Of course, I’m prepared to admit I’m wrong if we see her next week at the hospital with a phalanx of doctors stunned by her recovery. Which would echo Cooper waking up and tie them together once more.
Also, there is the possibility that the white room is also part of her dream state.
- If Audrey was in a coma all this time, how does she know about Billy and Tina? Did the forces of the black & white Other Place fashion a reality to impart a message about Billy to her?
- Was Richard Horne part of the “Richard and Linda” the Fireman told Cooper about back in Part 1? If so, will Linda be required at the other set of coordinates Bad Coop is headed to?
- How does Cooper’s connection to Another Place work? He and Mike could pass items freely between one another without the need of a vortex. Does that mean Cooper is a vortex himself?
- How did Jerry get to the field? Based on the location Diane gave Bad Coop, it’s somewhere near Twin Peaks, but would three days of walking bring Jerry to that location? Also, is Jerry aware that he saw his nephew die?
- How did Randall Headley ever end up running the Las Vegas Bureau office?
- Are we on Day 6 or Day 7?
Not about Judy
Oh boy. So Diane was a tulpa all along. Well, not all along. As she revealed to Gordon, Bad Coop visited the real Diane Evans, raped her and took her to the Convenience Store to be replaced by a tulpa he could control. Which is just utterly repugnant, but also indicative of the way Twin Peaks treats women. I know Bad Cooper is meant to be evil and the core of the series is about the ugliness of rape, but there is a cavalier attitude to it sometimes. Which is something that should be noted; particularly when this season is complete and we have a whole story to examine.

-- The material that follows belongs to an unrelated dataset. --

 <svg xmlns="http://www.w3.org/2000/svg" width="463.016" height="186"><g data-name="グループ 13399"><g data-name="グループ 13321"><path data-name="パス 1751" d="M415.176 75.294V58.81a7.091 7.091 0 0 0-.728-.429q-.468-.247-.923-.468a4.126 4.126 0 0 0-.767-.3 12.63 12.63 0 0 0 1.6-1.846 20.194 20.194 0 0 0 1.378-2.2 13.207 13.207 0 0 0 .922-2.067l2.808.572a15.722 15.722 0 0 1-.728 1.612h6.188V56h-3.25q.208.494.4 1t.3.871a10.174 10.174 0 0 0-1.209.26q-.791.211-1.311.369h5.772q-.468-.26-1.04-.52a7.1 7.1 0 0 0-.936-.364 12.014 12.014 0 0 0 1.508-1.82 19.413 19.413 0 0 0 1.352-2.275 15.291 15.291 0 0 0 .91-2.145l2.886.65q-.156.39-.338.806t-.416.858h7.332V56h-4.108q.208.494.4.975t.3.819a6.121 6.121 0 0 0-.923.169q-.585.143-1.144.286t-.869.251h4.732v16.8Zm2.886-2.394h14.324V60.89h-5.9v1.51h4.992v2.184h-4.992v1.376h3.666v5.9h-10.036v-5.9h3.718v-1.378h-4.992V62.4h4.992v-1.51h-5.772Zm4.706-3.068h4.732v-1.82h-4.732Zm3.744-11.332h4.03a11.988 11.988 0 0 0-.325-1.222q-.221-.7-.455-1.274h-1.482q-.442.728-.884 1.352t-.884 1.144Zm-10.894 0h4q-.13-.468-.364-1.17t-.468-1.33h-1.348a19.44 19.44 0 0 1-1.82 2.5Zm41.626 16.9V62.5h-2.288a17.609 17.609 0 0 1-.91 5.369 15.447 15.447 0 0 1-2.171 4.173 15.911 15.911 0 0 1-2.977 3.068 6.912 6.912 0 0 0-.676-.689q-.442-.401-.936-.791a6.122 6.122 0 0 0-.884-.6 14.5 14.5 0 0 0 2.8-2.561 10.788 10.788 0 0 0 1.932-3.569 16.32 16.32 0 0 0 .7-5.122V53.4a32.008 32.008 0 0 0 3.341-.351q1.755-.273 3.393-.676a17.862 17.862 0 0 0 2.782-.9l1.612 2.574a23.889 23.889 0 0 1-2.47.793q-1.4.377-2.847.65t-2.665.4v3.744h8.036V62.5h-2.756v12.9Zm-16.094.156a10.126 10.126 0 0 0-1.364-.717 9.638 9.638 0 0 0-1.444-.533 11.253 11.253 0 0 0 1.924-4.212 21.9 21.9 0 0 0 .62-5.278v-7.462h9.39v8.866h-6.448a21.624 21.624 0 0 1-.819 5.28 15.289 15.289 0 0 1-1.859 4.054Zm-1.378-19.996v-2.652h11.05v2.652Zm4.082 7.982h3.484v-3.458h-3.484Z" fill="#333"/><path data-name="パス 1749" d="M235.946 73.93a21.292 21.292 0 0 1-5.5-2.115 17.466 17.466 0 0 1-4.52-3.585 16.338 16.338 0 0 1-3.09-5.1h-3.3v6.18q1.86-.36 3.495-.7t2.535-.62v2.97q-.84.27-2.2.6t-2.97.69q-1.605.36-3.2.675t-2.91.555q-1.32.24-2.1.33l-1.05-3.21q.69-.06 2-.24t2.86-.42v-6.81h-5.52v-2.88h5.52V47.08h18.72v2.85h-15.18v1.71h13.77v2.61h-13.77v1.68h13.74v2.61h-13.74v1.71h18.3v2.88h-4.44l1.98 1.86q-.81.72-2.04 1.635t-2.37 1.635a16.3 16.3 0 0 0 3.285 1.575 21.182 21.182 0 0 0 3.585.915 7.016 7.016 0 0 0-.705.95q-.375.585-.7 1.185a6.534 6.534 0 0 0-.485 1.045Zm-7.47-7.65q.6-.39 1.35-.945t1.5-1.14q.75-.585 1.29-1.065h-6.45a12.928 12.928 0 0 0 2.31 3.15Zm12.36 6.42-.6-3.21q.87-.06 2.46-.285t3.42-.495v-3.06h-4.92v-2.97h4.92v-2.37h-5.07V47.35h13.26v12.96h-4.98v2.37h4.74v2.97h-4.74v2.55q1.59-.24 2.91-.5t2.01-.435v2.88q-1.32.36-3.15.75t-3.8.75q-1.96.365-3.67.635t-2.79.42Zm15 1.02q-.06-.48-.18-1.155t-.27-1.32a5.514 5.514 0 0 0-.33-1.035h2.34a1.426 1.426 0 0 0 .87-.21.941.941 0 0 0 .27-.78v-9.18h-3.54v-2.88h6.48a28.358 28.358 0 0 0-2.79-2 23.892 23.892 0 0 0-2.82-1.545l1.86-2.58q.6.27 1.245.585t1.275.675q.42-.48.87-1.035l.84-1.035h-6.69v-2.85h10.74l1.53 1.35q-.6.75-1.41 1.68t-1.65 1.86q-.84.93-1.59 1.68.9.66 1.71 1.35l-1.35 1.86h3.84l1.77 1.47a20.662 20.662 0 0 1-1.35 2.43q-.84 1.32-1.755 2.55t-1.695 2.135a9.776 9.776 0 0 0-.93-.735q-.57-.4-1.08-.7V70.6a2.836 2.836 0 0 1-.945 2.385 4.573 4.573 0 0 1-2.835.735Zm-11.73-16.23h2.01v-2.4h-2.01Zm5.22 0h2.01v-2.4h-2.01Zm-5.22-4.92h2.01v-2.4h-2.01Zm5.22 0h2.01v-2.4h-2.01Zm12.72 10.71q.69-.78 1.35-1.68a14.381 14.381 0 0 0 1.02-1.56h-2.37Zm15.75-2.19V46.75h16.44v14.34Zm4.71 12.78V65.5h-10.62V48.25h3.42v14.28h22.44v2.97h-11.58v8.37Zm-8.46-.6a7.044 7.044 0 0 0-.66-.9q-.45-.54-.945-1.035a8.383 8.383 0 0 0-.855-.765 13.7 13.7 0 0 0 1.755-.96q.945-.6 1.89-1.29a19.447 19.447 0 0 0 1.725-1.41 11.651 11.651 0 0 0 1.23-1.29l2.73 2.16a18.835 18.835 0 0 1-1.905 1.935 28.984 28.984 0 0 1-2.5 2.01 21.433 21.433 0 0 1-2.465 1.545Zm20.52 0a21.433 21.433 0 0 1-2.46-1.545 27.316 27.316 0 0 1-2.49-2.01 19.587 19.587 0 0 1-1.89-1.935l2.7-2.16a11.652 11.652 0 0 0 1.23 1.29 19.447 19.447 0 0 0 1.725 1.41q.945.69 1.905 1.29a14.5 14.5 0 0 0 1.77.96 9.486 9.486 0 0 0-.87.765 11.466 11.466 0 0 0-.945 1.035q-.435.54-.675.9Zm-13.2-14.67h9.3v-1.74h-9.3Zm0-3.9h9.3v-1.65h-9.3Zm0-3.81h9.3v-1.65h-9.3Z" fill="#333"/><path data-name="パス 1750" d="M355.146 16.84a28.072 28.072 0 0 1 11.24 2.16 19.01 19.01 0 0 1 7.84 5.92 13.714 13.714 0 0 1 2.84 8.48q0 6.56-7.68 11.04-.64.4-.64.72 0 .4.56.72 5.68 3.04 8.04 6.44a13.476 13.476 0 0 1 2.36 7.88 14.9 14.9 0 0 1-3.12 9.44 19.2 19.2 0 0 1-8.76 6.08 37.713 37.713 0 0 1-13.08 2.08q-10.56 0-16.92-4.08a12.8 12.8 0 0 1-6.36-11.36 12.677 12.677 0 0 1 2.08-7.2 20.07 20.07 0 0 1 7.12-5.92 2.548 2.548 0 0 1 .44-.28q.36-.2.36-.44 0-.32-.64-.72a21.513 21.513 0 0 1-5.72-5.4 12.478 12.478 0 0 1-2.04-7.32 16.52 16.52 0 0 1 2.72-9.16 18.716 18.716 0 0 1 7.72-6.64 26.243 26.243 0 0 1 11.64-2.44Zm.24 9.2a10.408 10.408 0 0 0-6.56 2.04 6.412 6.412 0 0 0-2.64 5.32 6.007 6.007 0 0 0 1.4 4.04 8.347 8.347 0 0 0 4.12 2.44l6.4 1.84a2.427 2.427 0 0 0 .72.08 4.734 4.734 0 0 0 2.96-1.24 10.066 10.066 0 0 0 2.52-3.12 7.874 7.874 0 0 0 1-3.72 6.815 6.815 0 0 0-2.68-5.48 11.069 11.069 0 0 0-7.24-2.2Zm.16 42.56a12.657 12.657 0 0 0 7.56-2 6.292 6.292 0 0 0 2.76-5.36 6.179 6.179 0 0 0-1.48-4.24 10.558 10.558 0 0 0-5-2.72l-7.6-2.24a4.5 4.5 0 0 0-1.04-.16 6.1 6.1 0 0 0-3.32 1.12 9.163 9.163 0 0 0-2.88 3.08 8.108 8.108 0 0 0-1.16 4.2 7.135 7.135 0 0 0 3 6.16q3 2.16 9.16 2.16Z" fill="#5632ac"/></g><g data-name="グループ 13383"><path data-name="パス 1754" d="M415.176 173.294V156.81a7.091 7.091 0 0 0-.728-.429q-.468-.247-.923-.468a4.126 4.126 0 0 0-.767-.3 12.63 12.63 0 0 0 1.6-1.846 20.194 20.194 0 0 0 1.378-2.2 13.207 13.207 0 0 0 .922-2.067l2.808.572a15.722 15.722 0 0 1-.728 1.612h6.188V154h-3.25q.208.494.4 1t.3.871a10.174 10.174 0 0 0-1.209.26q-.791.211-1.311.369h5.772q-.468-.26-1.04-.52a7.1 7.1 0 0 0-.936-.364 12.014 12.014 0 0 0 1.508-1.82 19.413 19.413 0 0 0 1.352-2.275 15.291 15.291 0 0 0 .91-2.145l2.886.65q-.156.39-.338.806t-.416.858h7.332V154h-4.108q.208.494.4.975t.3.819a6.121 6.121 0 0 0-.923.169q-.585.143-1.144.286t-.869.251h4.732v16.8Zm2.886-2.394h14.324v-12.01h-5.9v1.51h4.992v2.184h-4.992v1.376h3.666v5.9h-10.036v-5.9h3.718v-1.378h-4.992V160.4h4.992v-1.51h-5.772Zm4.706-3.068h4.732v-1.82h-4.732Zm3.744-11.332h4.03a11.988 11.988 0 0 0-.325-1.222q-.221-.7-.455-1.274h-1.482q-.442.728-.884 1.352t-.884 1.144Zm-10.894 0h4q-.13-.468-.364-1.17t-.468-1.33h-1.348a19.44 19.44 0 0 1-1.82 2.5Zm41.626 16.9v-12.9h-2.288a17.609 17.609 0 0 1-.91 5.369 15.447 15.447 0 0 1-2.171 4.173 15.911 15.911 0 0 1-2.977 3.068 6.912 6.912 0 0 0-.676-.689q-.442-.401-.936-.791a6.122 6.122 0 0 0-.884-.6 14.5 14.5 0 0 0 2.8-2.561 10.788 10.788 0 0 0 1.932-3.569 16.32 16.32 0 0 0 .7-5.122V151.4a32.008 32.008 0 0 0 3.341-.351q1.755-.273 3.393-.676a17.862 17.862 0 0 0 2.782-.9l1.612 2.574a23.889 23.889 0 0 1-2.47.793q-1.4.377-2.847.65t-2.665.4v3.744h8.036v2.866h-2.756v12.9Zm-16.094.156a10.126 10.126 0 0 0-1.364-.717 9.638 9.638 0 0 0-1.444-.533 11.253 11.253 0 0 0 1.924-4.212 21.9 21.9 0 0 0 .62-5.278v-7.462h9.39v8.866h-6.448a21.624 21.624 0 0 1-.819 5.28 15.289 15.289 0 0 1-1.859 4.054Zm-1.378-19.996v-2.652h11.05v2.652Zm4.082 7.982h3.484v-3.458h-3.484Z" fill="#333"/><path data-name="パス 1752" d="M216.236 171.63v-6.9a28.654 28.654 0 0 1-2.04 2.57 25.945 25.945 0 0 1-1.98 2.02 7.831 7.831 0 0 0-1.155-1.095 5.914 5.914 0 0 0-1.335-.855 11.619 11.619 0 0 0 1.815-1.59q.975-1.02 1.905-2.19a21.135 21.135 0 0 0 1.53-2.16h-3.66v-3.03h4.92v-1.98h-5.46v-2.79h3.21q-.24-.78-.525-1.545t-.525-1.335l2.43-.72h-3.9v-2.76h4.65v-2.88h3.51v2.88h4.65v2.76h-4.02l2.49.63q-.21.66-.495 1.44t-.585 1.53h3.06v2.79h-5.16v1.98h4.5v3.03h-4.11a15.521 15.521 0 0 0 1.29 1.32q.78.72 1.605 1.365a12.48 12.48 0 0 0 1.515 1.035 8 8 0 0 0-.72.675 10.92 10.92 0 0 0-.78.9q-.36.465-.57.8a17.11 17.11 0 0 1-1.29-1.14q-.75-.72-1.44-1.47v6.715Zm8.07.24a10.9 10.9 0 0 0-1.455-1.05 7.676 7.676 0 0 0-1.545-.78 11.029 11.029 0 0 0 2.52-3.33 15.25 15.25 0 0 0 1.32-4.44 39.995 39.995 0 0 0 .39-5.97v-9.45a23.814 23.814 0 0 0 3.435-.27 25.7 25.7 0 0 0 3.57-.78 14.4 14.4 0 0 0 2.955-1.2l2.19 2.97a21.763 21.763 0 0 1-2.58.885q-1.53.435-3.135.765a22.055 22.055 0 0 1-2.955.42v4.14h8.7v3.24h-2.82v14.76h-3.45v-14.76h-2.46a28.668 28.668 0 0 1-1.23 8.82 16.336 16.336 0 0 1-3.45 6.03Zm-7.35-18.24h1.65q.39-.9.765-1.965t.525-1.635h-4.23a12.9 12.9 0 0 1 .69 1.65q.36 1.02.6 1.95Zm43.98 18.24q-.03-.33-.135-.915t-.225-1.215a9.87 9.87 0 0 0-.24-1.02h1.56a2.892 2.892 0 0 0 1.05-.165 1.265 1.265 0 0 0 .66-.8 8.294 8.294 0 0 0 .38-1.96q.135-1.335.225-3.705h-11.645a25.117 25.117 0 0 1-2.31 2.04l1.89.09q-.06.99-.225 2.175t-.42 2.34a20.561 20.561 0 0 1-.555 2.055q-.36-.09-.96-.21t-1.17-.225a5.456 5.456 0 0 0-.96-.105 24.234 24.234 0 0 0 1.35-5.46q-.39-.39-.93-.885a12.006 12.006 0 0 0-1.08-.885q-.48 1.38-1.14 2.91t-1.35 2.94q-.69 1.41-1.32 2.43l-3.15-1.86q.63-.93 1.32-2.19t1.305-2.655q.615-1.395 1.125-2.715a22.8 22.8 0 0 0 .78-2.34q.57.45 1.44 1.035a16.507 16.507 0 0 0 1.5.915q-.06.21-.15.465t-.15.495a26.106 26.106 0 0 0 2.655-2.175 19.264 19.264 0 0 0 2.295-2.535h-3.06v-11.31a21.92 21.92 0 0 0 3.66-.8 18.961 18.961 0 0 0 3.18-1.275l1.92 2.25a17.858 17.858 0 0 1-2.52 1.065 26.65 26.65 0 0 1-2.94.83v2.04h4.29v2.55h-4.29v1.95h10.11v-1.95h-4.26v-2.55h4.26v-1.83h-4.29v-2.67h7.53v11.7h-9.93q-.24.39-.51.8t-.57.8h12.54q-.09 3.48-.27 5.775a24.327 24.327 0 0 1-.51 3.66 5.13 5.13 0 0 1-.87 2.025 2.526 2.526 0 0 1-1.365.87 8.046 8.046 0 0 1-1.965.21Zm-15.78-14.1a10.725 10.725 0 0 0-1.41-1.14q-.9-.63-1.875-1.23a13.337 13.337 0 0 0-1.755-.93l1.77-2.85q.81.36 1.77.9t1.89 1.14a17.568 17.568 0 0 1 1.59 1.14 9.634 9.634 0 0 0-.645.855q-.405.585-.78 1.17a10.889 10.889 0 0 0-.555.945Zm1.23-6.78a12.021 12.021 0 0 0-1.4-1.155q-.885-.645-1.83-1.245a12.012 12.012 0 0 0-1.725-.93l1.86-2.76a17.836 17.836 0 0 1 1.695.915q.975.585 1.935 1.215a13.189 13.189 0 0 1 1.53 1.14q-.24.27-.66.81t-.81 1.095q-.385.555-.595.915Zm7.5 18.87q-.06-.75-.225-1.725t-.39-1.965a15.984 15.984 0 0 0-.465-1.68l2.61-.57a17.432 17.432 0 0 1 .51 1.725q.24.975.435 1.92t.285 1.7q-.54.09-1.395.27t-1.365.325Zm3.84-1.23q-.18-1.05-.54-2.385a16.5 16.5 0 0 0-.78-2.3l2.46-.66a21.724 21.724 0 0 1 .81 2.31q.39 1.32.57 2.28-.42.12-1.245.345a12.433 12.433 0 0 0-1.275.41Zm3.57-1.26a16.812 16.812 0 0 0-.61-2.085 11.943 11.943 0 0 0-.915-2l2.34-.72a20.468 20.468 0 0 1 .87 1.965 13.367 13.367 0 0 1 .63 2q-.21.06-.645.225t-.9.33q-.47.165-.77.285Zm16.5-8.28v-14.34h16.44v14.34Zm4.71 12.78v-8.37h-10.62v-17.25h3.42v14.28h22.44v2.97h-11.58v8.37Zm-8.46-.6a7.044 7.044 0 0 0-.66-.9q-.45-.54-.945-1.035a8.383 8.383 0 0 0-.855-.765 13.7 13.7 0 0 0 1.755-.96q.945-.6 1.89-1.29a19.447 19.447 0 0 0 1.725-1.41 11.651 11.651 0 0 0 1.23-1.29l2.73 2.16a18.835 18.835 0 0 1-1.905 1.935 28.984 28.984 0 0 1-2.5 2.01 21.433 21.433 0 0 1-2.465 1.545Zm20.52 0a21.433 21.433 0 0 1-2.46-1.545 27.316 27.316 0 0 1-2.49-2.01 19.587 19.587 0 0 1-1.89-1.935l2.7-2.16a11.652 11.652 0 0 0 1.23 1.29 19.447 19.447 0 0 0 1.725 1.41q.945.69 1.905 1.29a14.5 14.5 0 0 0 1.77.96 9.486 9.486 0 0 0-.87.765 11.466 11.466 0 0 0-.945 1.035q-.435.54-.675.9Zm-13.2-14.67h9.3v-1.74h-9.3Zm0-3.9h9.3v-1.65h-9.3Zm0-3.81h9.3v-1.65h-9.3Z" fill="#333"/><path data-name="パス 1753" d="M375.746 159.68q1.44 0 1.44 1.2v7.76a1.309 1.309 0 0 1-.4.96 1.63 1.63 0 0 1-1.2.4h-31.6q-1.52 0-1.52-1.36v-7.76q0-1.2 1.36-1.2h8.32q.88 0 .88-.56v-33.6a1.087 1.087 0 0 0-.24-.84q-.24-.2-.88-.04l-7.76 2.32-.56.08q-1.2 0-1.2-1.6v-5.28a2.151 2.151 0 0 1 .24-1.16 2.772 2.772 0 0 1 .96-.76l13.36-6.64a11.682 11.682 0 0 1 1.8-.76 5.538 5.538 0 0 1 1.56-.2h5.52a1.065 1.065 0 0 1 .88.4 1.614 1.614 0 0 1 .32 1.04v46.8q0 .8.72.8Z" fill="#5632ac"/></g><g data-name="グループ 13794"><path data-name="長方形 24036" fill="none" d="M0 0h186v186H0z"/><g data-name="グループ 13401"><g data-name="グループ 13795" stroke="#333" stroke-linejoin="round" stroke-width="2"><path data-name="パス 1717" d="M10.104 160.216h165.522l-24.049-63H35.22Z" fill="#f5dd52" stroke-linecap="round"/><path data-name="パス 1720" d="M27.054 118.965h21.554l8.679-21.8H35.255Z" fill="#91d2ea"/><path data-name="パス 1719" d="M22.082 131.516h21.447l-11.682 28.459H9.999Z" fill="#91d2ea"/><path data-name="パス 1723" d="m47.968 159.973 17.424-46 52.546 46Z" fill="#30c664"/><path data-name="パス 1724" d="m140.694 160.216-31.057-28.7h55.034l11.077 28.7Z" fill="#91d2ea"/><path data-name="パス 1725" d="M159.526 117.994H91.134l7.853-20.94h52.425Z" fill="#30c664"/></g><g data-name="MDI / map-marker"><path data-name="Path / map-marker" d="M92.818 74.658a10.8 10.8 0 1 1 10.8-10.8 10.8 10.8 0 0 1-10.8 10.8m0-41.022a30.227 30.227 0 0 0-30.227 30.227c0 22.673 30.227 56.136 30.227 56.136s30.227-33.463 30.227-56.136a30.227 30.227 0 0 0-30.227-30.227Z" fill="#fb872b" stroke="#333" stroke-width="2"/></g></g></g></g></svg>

But back in the episode, Bad Coop’s plan to use the Diane tulpa to kill Gordon, Albert and Tammy failed. It hearkens back to the story Albert told Tammy about the Blue Rose; right down to Diane saying “I’m not me.” It was a thrilling moment with one of the craziest vanishing acts witnessed on television. It also suggests the nature of these tulpas is not absolute. Which makes you wonder how much of the Diane we saw was the real Diane. In fact, you also have to wonder where she is.
Also, now that we know tulpas are made with the golden Phantasm balls — or “seeds” — I can’t help but think of the tulpa seed in Buenos Aires. It has to come back into play.
Hearts of Gold
Having Cooper back in the world is such a joy. Not just because it gets us closer to a resolution, but because of the way he views the world. His praise of Bushnell, his love for the Joneses, and even the way he regards the Mitchum brothers is so unlike so many television heroes. He was always odd. Recall how he came into Twin Peaks with equal amounts of authority and boyish wonder for the trees. But part of that oddness was a freedom of expression. He told people about their finer qualities and championed the better parts of those he encountered.
And now we find him in a limo with mobsters headed for a private jet, assuring the mobsters his friendship will cleanse them of certain sins. He even managed to get Candie to say something with confidence. That’s the Dale Cooper we know and love and it is sad that we’ll only get to see him again for two more hours.